My understanding is that planes don't fly directly upside down, and they angle the wing slightly to make a kinda-sorta-airfoil.
How helicopters can turn directly upside down, and fly that way[1], without reversing the direction of their props, that I don't get. (Thinking about it now, I think it turns from a helicopter to a hovercraft? Eg, this is a ground effect?)
Jesus H. Christ, that brings back memories. When I was (much) younger, probably somewhere between 9-13 or thereabouts, I had a brief phase when I really in to "weird stuff." I spent a lot of time reading books about UFO's, ghosts, the Bermuda Triangle, the Philadelphia Experiment, "ancient aliens", the "Oak Island money pit", blah, etc. etc. And the whole Flight 401 thing either figured very prominently in at least one book I read, or it kept re-appearing or both, because I just recalled a whole bunch of profound feelings associated with that story. I remember being really freaked out by it at the time.

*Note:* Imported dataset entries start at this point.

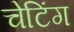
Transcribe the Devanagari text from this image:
चेटिंग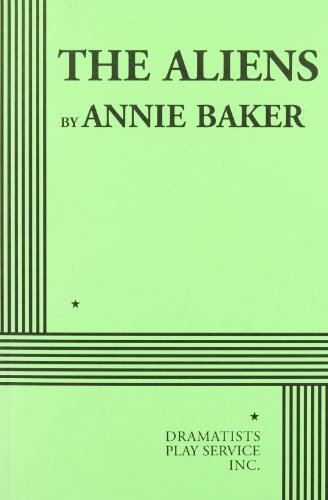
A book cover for The Aliens; Annie Baker; Humor & Entertainment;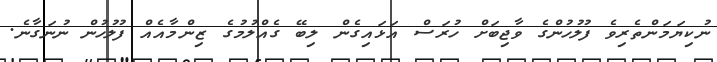
ނުކިޔަމަންތެރިވެ ފުލުހުންގެ ވާޖިބަށް ހުރަސް އަޅައިގެން ލިބޭ ގެއްލުމުގެ ޒިންމާއެއް ފުލުހުން ނުނަގާނެ.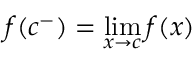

Enough so that I probably wouldn't have wanted to get on an airplane had I had any reason to fly back then (I didn't).
I'd like to say that even back then I mostly didn't really believe all that stuff, but I think maybe I kinda did, at least to a degree. Now I think it's all bollocks, and maybe that's one of the things I miss about being a kid... that sense of fascination with the mysterious and unknown and the sense of possibility that comes with allowing yourself to believe in the Bermuda Triangle, ghosts, yadda yadda.
I'm with you on the last one, and I sometimes wonder whether religious people still have that sense of fascination with the unknown, or with what is possible.
I would like to have that again, if only for a few moments.
Lost souls on Boeing planes isn't too far fetched. Lord Xenu flew in all those thetans on rocket powered DC-8's which were originally made by McDonnell Douglas who merged with Boeing. Basically Snakes on a Plane but with souls and Tom Cruise.
An accidental time traveler traveling slightly out of alignment with their timeline would likely manifest as something we would describe as a ghost, for a brief moment.